Freud distinguishes between a traumatic situation and a danger situation. A traumatic situation overwhelms the person with large sums of excitation whereas a danger situation is one which the person is prepared for, to some extent, and may even anticipate. "Anxiety is the original reaction to helplessness in the trauma and is reproduced later on in the danger situation as a signal for help. The ego which experienced the trauma passively, now repeats it actively in a weakened version in the hope of being able to direct its course. It is certain that children behave in this fashion towards every distressing impression they receive, by reproducing it in their play. In thus changing from passivity to activity they attempt to master their experiences psychically". (1926, pp. 166-167).
In another place Freud observes that dreaming as well as playing is an attempt to master the traumatic experience.
From this discussion, there emerges a new dimension: the helplessness-mastery dimension.
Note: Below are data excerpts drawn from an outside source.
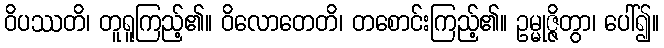
ဝိပဿတိ၊ တူရူကြည့်၏။ ဝိလောတေတိ၊ တစောင်းကြည့်၏။ ဥမ္မုဇ္ဇိတွာ၊ ပေါ်၍။
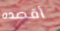
أقصده
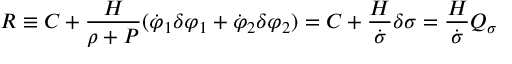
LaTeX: { \cal R } \equiv C + \frac { H } { \rho + P } ( \dot { \varphi } _ { 1 } \delta \varphi _ { 1 } + \dot { \varphi } _ { 2 } \delta \varphi _ { 2 } ) = C + \frac { H } { \dot { \sigma } } \delta \sigma = \frac { H } { \dot { \sigma } } Q _ { \sigma }
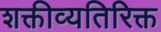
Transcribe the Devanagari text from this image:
शक्तीव्यतिरिक्त
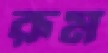
রূম
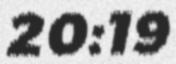
20:19
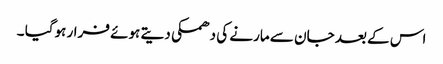
اس کے بعد جان سے مارنے کی دھمکی دیتے ہوئے فرار ہوگیا ۔
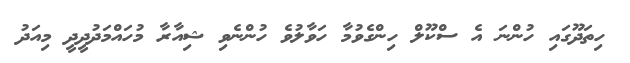
ހިތަދޫގައި ހުންނަ އެ ސްކޫލް ހިންގެވުމާ ހަވާލުވެ ހުންނެވި ޝިއާރާ މުހައްމަދުދީދީ މިއަދު
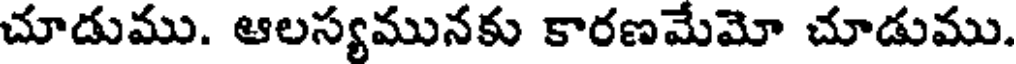
చూడుము. ఆలస్యమునకు కారణమేమో చూడుము.
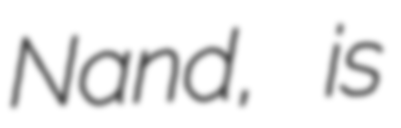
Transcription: Nand, is
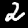
Label: 2
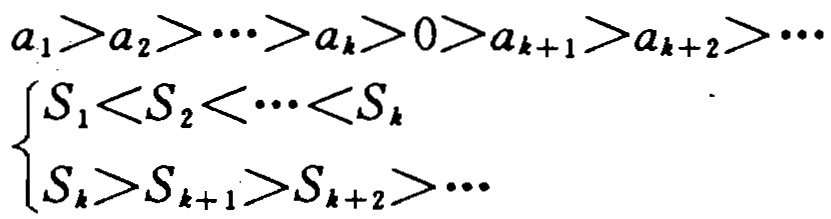
\[

\begin{align*}

&a_1 > a_2 > \cdots > a_k > 0 > a_{k + 1} > a_{k + 2} > \cdots\\

&\begin{cases}

S_1 < S_2 < \cdots < S_k\\

S_k > S_{k + 1} > S_{k + 2} > \cdots

\end{cases}

\end{align*}

\]
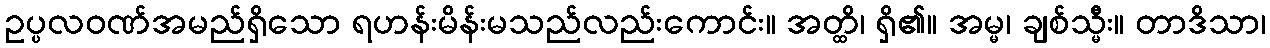
ဥပ္ပလဝဏ်အမည်ရှိသော ရဟန်းမိန်းမသည်လည်းကောင်း။ အတ္ထိ၊ ရှိ၏။ အမ္မ၊ ချစ်သ္မီး။ တာဒိသာ၊
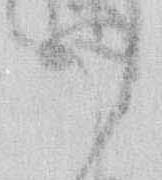
可
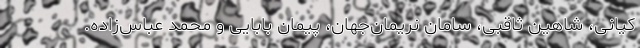
کیانی، شاهین ثاقبی، سامان نریمان‌جهان، پیمان بابایی و محمد عباس‌زاده.
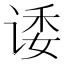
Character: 诿
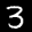
Label: 3
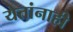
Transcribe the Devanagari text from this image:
येतांनाही
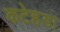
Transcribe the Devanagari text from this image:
कटेहडा
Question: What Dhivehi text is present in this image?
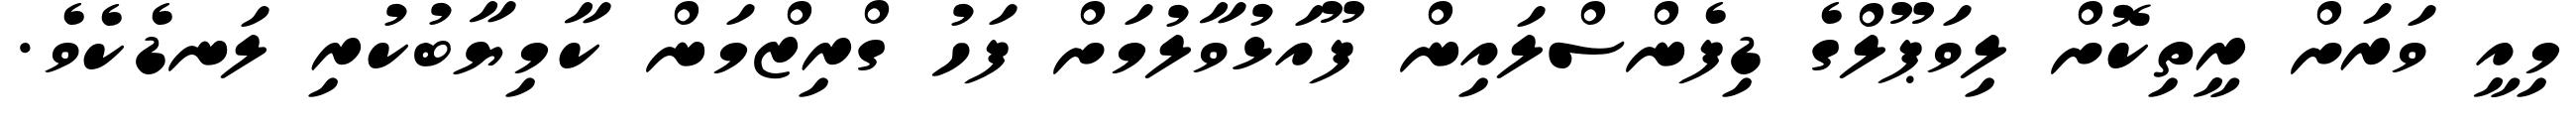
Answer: މިއީ ވަރަށް ރީތިކޮށް ލިވަޕޫލްގެ ޑިފެންސްލައިން ފޫއަޅުވާލުމަށް ފަހު ގްރިޒްމަން ކާމިޔާބުކުރި ލަނޑެކެވެ.
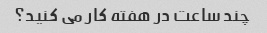
چند ساعت در هفته کار می کنید؟
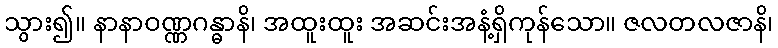
သွား၍။ နာနာဝဏ္ဏဂန္ဓာနိ၊ အထူးထူး အဆင်းအနံ့ရှိကုန်သော။ ဇလတလဇာနိ၊
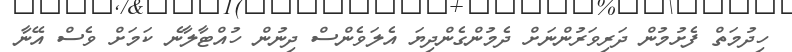
ހިދުމަތް ފެށުމުން ދަރިވަރުންނަށް ދެމުންގެންދިޔަ އެލަވެންސް ދިނުން ހުއްޓާލާނެ ކަމަށް ވެސް އޭނާ
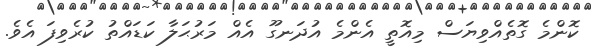
ކޮންމެ ގޮތެއްވިޔަސް މިއޮތީ އެންމެ އުދަނގޫ އެއް މަރުޙަލާ ކަޑައްތު ކުރެވިފަ އެވެ.
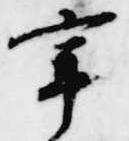
宰
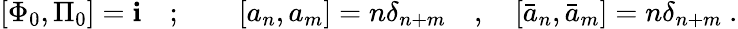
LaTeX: [\Phi_{0},\Pi_{0}]=\mathbf{i}\quad;\qquad[a_{n},a_{m}]=n\delta_{n+m}\quad,\quad[\bar{{a}}_{n},\bar{{a}}_{m}]=n\delta_{n+m}\ .
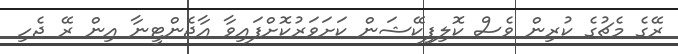
ރޭގެ މެޗުގެ ކުރިން ވެސް ކޮލިފިކޭޝަން ކަށަވަރުކޮށްފައިވާ އާޖެންޓީނާ އިން ރޭ ޖެހި
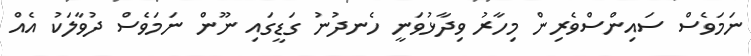
ނަމަވެސް ސައިންސްވެރިން މިހާރު ވިދާޅުވަނީ ހެނދުނު ގަޑީގައި ނޫން ނަމަވެސް ދުވާލަކު އެއް
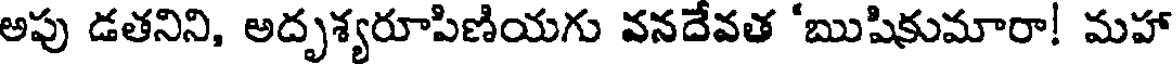
అపు డతనిని, అదృశ్యరూపిణియగు వనదేవత 'ఋషికుమారా! మహా
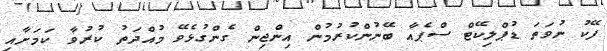
ފޭކު ނުވަތަ ޑުޕްލިކޭޓް ސްޕެއާ ބޭނުންކުރުމުން އިންޖިން ގެންގުޅެވޭ މުއްދަތު ކުރުވާ ކަމަށާއި
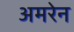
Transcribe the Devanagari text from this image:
अमरेन
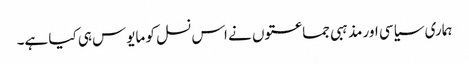
ہماری سیاسی اور مذہبی جماعتوں نے اس نسل کو مایوس ہی کیا ہے۔
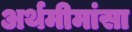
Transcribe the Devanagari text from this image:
अर्थमीमांसा
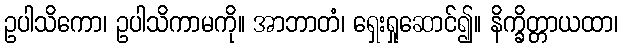
ဥပါသိကော၊ ဥပါသိကာမကို။ အာဘာတံ၊ ရှေးရှုဆောင်၍။ နိက္ခိတ္တာယထာ၊
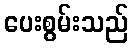
ပေးစွမ်းသည်
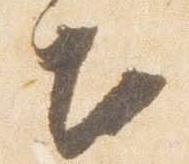
出
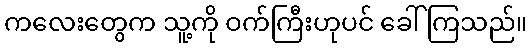
ကလေးတွေက သူ့ကို ဝက်ကြီးဟုပင် ခေါ်ကြသည်။
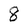
Character: 8
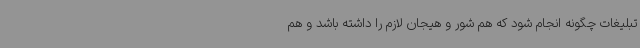
تبلیغات چگونه انجام شود که هم شور و هیجان لازم را داشته باشد و هم
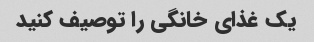
یک غذای خانگی را توصیف کنید

In anxiety and traumatic dreams, one might expect to find that the capability of the dreamer to deal with a traumatizing situation increases with age. Granted that there be just as many anxiety dreams in adults as there are in children, we might conjecture that adults will demonstrate greater mastery of the threatening situations in their dreams than children do. But we are compelled to hedge on this conjecture in the light of other considerations. First, Freud himself hedges on the question of the ego's capacity for mastering the traumatic experiences of cnildhood. In the paragraph quoted above his reservations about this matter are made plain by such phrases as "in the hope of being able to direct its course" and "they attempt to master their experiences psychically". On the same page as the paragraph quoted above, Freud asks why the person "after he has learned to master stimuli, to look after his own needs, to learn that castration is no longer practised as a punishment, does he behave as though the old danger-situations still exist, and keeps hold of all the earlier determinants of anxiety?" (1926, p. 147) Partly because he has not really mastered the dangers and partly because the dangers have become Hydra-headed through the process of transference. For example, tear of castration may appear in a new guise as fear of venereal disease. This spread of effect means that the task of the ego isgreatly increased. Here, as in many other places in his writings, contemporary psychoanalytic theorists notwithstanding, Freud shows where he stands on the question of the ego's strength relative to the id's strength.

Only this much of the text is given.